## AIM OF THE EXERCISE
Count every line in the data below where the word "white" appears, then state only that count.

## DATA FOR THE TASK
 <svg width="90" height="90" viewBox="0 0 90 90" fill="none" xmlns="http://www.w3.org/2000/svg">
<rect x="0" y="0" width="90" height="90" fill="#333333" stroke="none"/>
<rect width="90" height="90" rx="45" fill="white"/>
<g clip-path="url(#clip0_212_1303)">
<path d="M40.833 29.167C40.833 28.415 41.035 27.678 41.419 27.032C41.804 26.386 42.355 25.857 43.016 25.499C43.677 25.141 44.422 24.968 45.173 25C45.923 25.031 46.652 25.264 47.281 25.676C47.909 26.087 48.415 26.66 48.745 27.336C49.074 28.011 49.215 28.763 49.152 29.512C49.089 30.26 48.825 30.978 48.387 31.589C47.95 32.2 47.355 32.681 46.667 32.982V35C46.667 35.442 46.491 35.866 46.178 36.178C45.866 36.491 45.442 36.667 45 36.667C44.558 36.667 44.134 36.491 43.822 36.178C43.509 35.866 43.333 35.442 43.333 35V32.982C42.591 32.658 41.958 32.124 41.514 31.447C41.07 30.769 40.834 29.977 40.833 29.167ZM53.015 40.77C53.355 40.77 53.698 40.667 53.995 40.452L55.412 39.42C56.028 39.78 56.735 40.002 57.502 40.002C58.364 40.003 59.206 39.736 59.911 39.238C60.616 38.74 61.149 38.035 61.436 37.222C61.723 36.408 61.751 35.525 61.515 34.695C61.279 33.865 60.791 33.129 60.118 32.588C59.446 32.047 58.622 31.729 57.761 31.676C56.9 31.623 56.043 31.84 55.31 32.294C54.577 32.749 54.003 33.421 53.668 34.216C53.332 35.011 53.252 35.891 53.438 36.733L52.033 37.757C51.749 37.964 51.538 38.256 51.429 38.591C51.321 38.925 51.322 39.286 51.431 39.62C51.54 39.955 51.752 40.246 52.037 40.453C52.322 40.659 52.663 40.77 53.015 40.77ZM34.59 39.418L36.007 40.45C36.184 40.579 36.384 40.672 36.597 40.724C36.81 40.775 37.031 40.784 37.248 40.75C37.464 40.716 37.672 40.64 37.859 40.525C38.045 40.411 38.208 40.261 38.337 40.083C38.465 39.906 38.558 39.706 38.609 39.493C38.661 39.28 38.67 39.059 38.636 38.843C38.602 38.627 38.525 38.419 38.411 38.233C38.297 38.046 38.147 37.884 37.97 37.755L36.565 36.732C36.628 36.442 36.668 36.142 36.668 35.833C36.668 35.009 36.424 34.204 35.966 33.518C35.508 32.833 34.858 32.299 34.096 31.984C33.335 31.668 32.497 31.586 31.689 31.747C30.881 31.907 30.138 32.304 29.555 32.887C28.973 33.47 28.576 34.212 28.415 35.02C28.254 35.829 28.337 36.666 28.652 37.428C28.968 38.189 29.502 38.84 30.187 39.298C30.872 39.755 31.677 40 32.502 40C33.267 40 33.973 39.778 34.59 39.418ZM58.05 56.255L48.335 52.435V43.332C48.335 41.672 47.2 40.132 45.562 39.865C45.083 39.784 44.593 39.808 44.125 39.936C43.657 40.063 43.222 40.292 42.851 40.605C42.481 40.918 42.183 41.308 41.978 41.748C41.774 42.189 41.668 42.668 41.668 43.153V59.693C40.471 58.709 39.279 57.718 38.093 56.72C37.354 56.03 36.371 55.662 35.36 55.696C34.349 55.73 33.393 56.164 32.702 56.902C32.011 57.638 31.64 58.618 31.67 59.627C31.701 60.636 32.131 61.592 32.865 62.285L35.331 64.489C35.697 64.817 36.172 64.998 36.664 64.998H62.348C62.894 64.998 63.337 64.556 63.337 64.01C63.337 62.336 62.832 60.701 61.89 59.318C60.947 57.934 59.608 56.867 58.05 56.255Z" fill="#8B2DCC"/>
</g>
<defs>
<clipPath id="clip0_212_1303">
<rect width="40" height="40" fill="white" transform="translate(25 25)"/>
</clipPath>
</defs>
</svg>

--

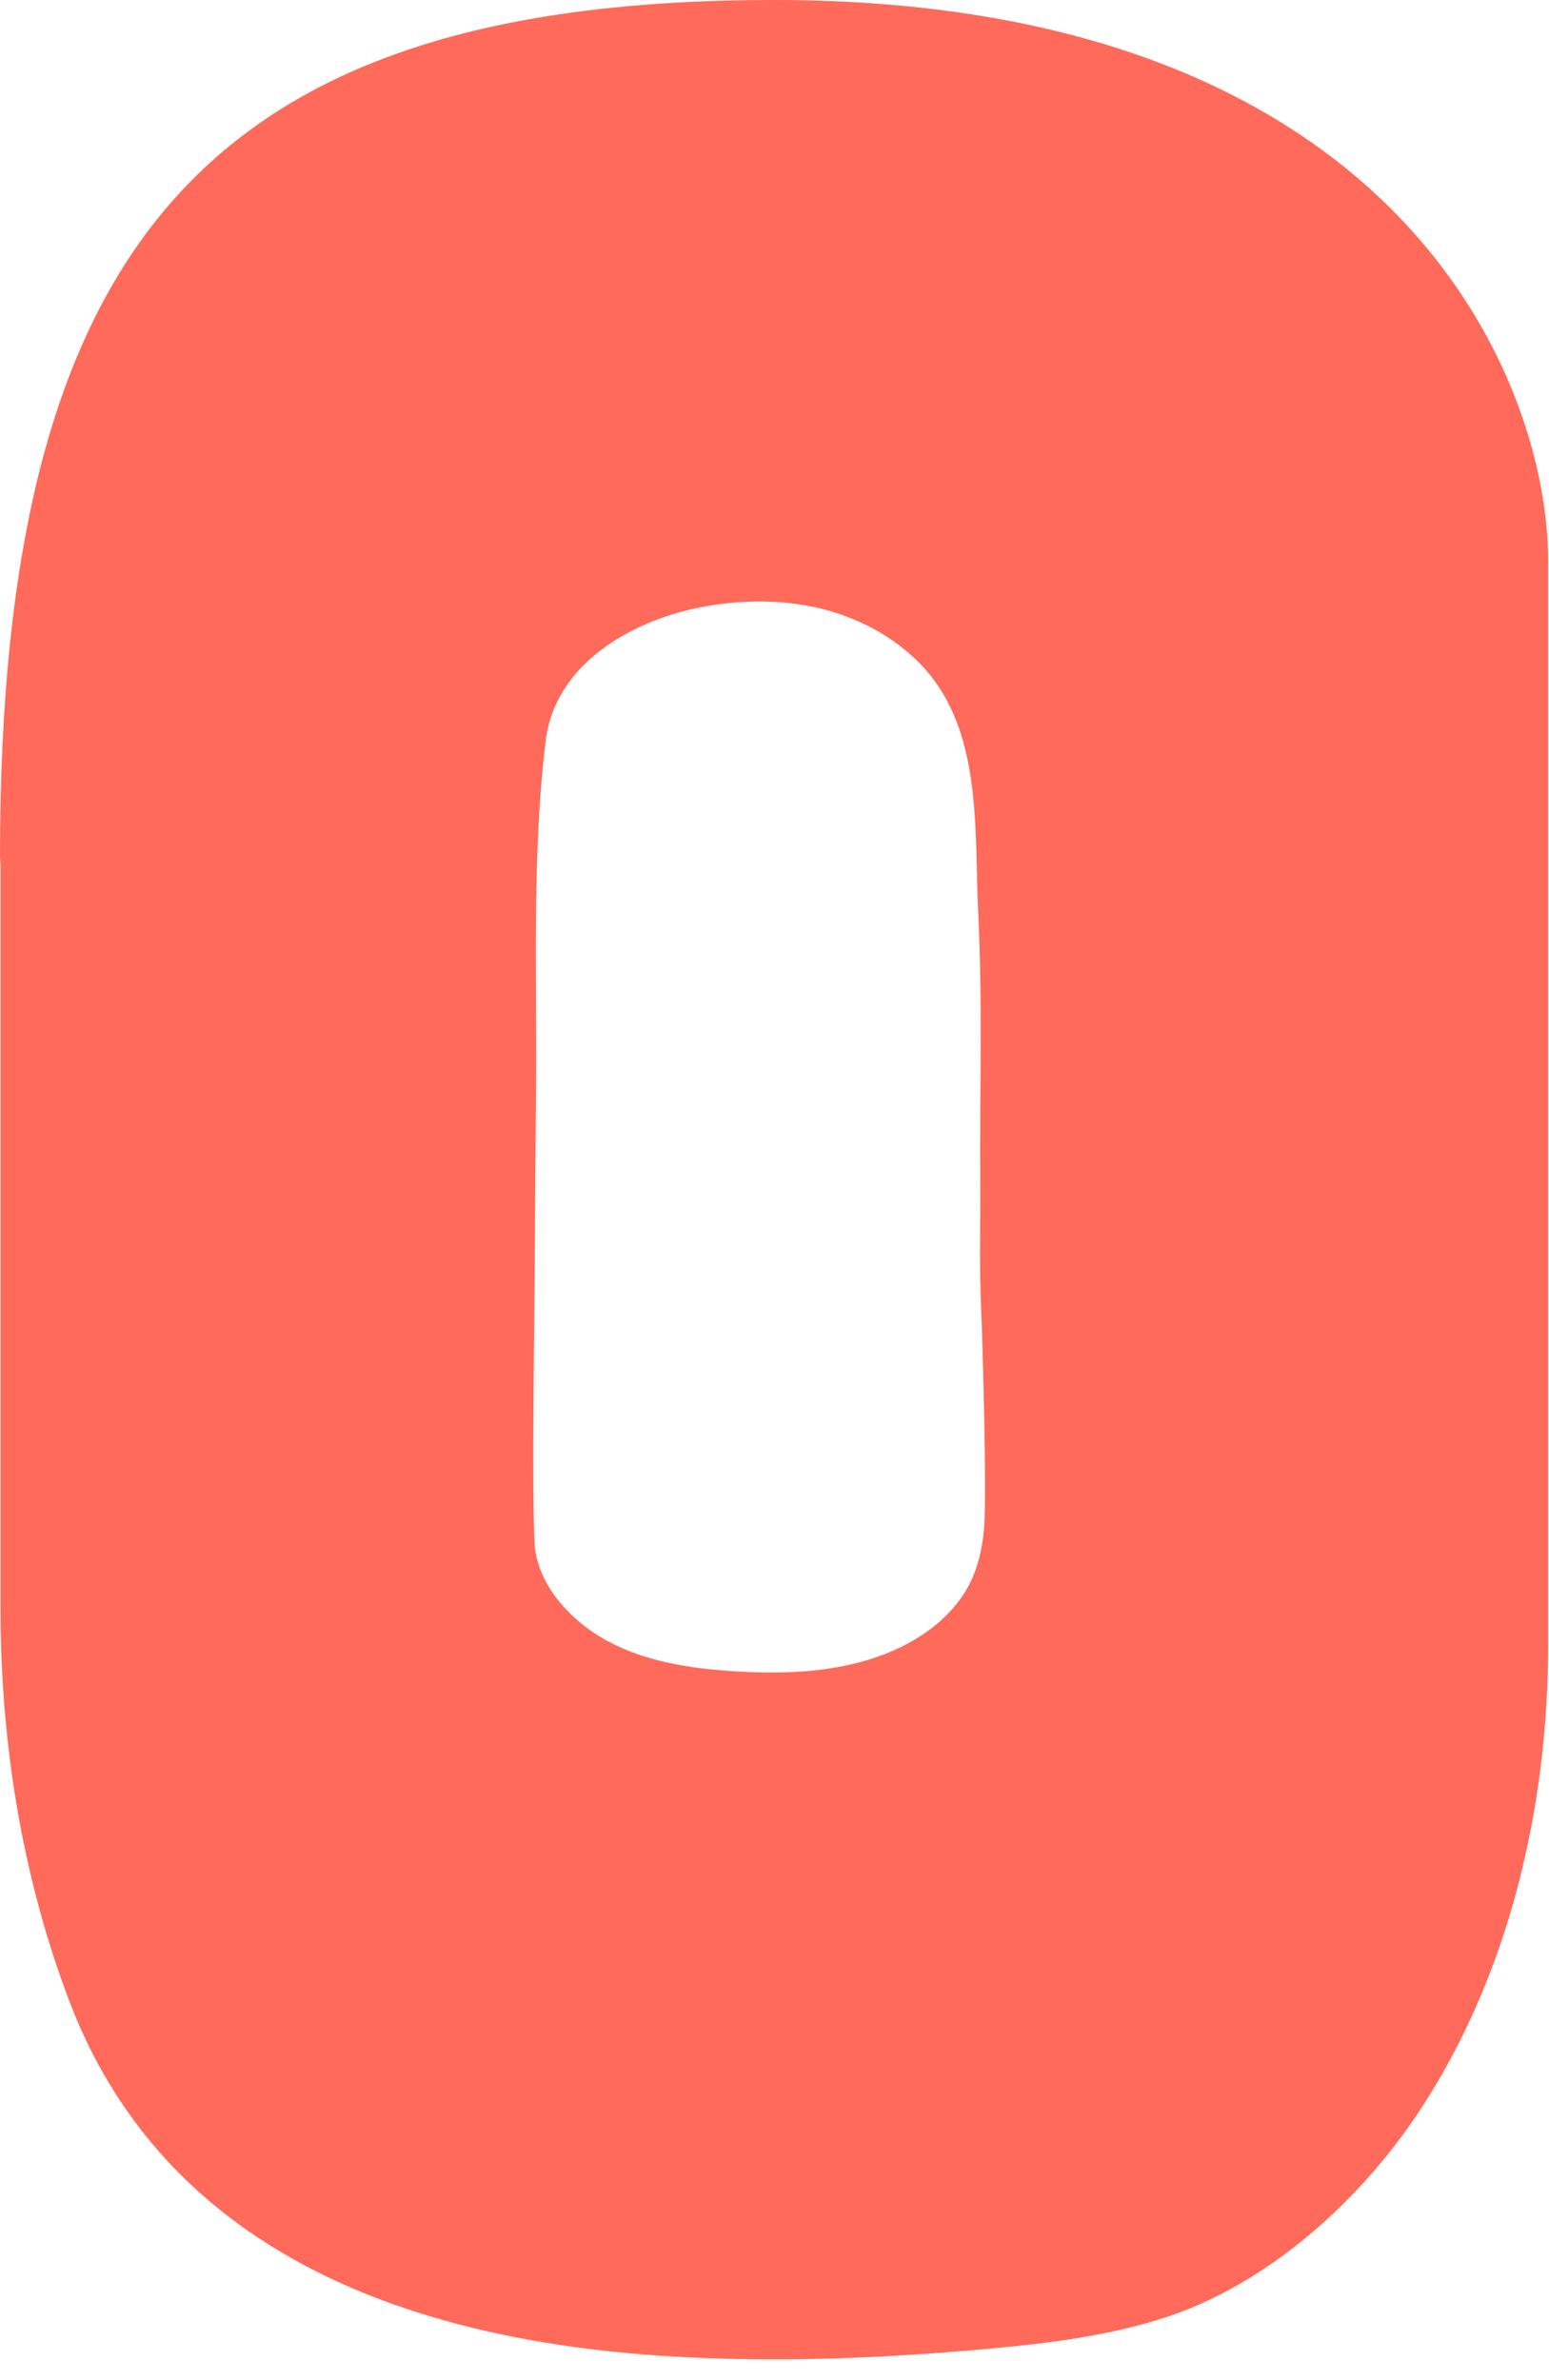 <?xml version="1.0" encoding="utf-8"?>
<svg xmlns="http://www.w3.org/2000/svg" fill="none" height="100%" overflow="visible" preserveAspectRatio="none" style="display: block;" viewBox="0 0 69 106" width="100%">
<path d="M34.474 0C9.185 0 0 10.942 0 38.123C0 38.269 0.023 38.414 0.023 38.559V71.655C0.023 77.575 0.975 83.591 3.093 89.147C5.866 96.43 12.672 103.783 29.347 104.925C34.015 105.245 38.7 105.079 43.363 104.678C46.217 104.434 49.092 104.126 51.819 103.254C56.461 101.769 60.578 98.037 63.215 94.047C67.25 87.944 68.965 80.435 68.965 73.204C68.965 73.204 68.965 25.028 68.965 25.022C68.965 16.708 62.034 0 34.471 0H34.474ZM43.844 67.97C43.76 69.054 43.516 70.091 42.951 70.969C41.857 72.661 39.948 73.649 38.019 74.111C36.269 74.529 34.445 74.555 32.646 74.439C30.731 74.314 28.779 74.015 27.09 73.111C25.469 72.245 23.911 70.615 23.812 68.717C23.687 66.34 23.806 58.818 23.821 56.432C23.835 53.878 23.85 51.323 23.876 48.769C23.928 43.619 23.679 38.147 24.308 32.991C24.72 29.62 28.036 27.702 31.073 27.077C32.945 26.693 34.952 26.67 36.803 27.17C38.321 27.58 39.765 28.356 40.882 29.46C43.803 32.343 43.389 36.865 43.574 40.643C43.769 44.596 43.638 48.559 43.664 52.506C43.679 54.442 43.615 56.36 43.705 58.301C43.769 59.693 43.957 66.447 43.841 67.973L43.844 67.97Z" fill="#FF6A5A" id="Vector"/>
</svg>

---

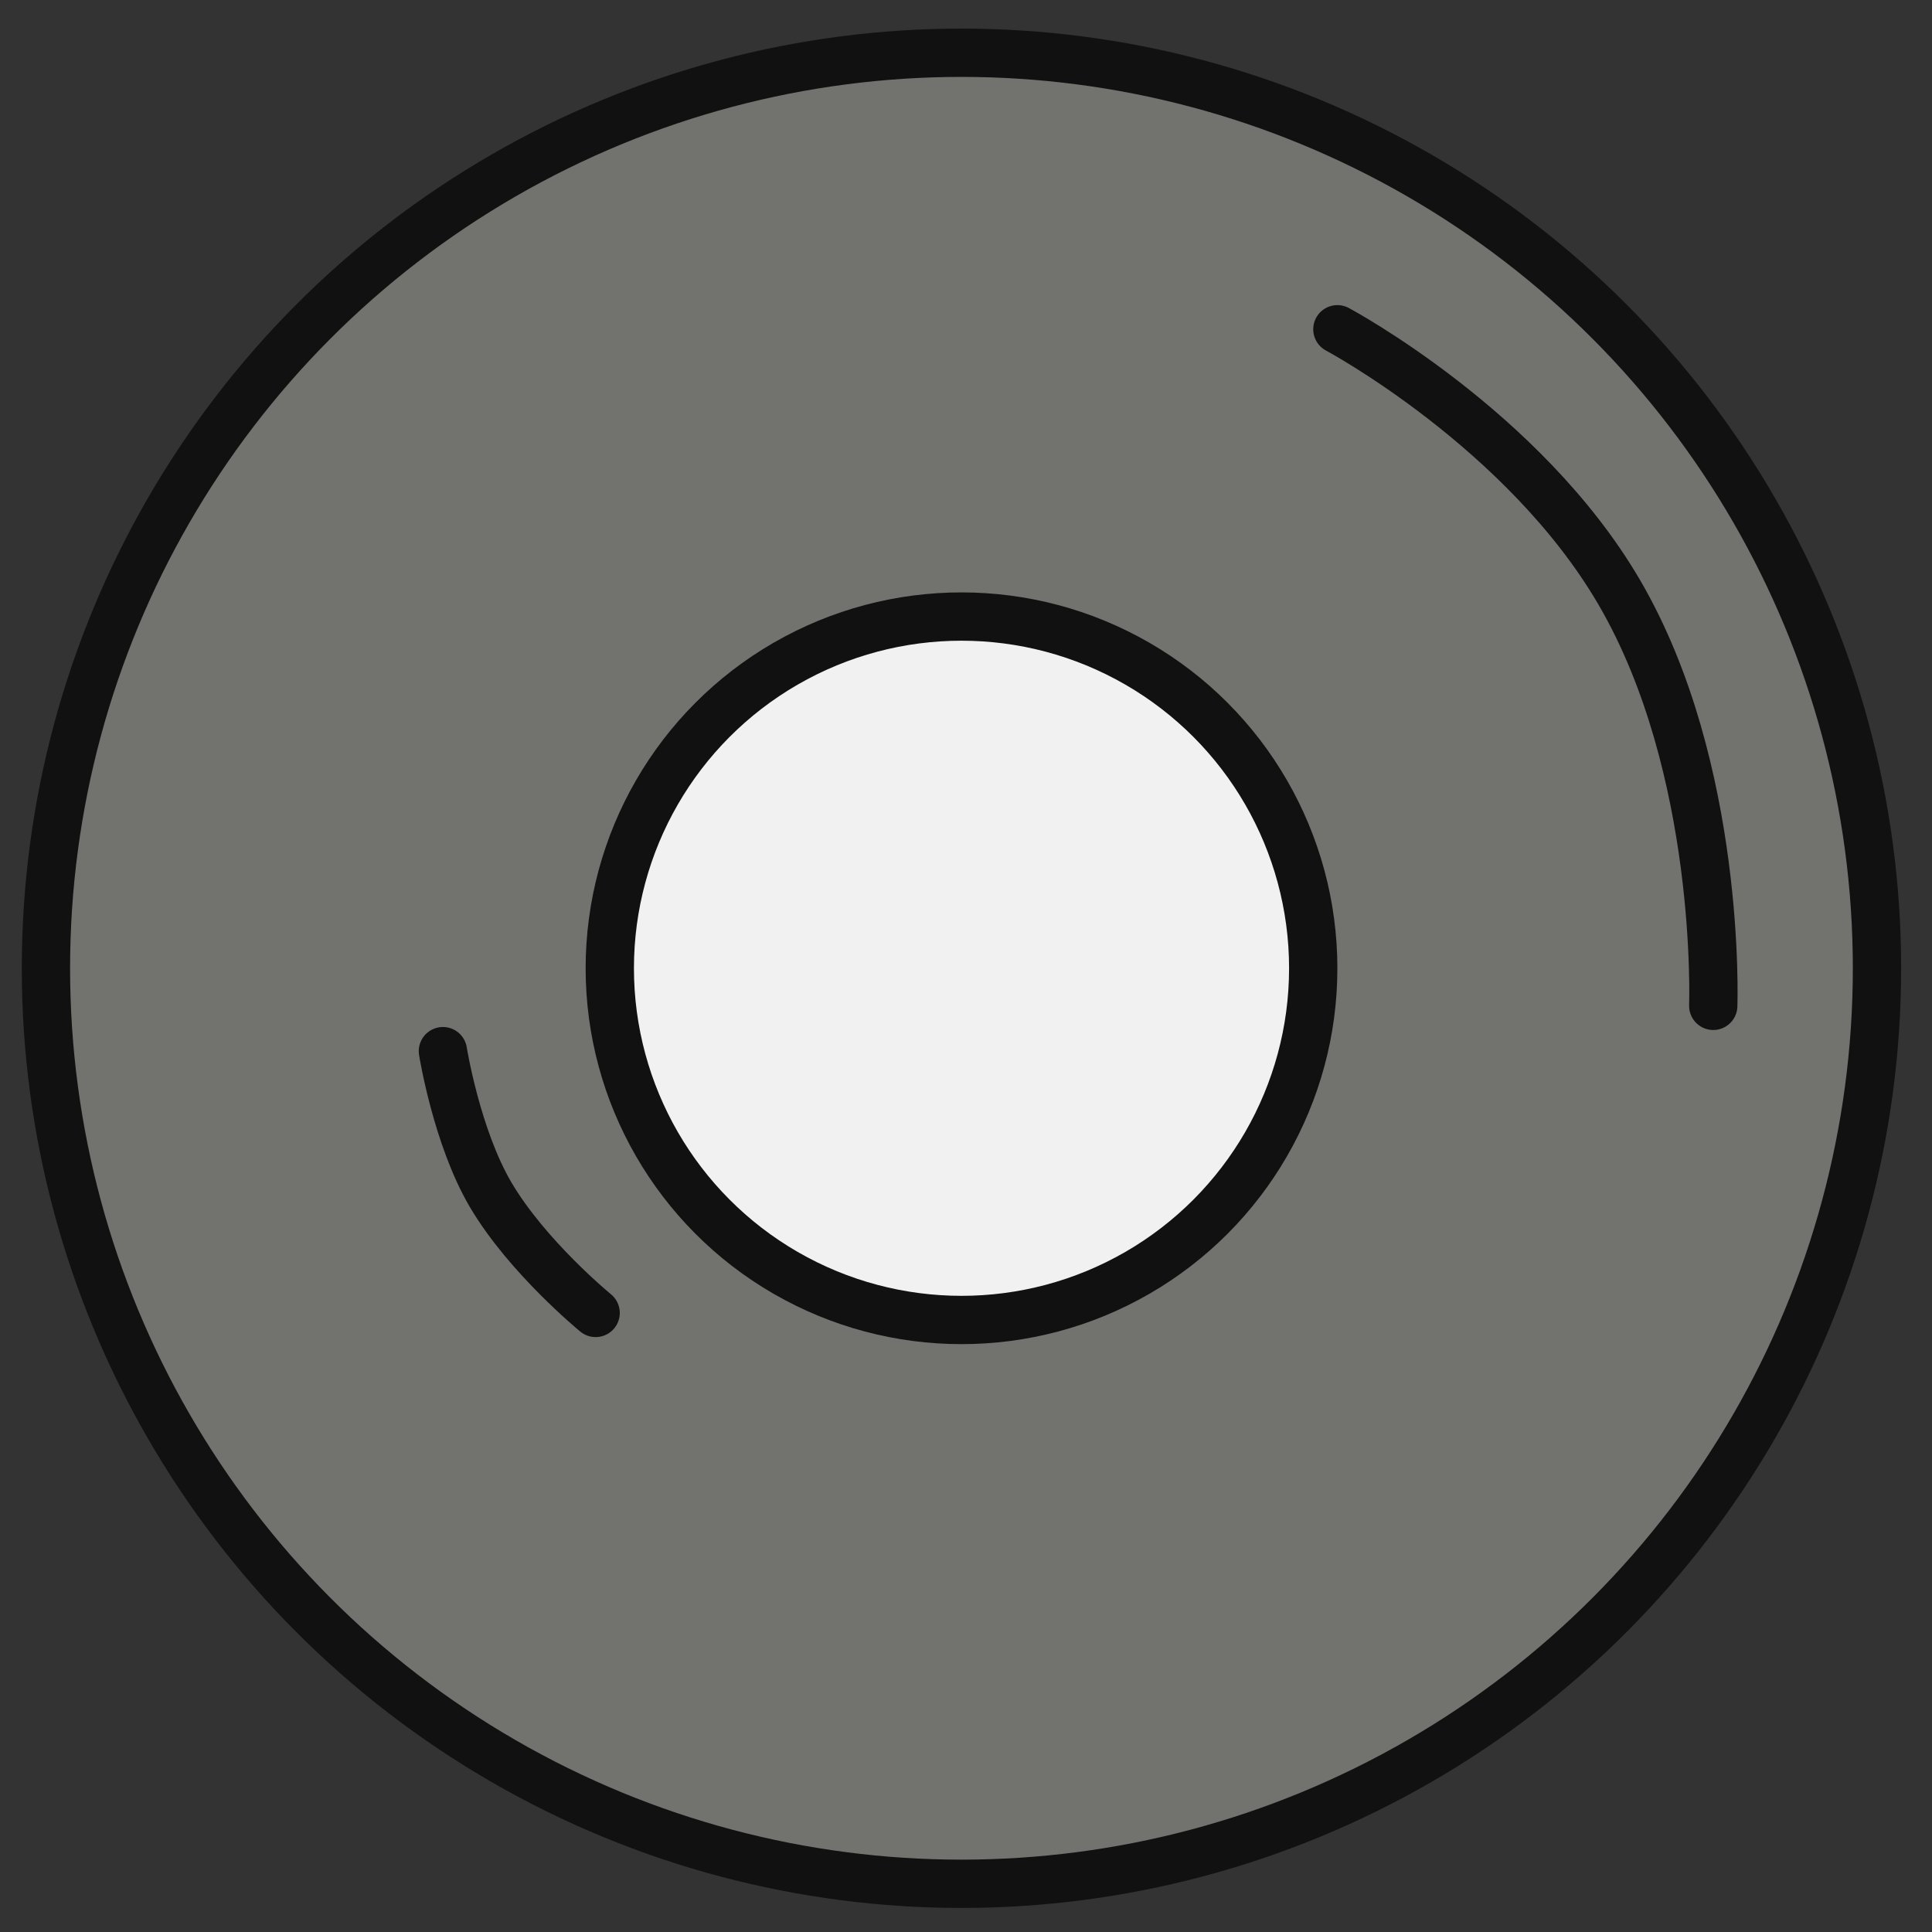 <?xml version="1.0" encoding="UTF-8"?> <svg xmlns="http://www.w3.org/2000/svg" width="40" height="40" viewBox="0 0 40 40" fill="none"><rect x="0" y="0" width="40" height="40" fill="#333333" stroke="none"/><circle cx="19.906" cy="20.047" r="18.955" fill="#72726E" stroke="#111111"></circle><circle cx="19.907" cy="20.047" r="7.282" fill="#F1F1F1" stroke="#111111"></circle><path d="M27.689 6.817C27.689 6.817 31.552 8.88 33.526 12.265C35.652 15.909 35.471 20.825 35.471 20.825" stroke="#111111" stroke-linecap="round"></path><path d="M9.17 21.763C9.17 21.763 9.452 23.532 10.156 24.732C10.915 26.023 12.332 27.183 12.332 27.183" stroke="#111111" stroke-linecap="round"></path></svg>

## EXERCISE SOLUTION
2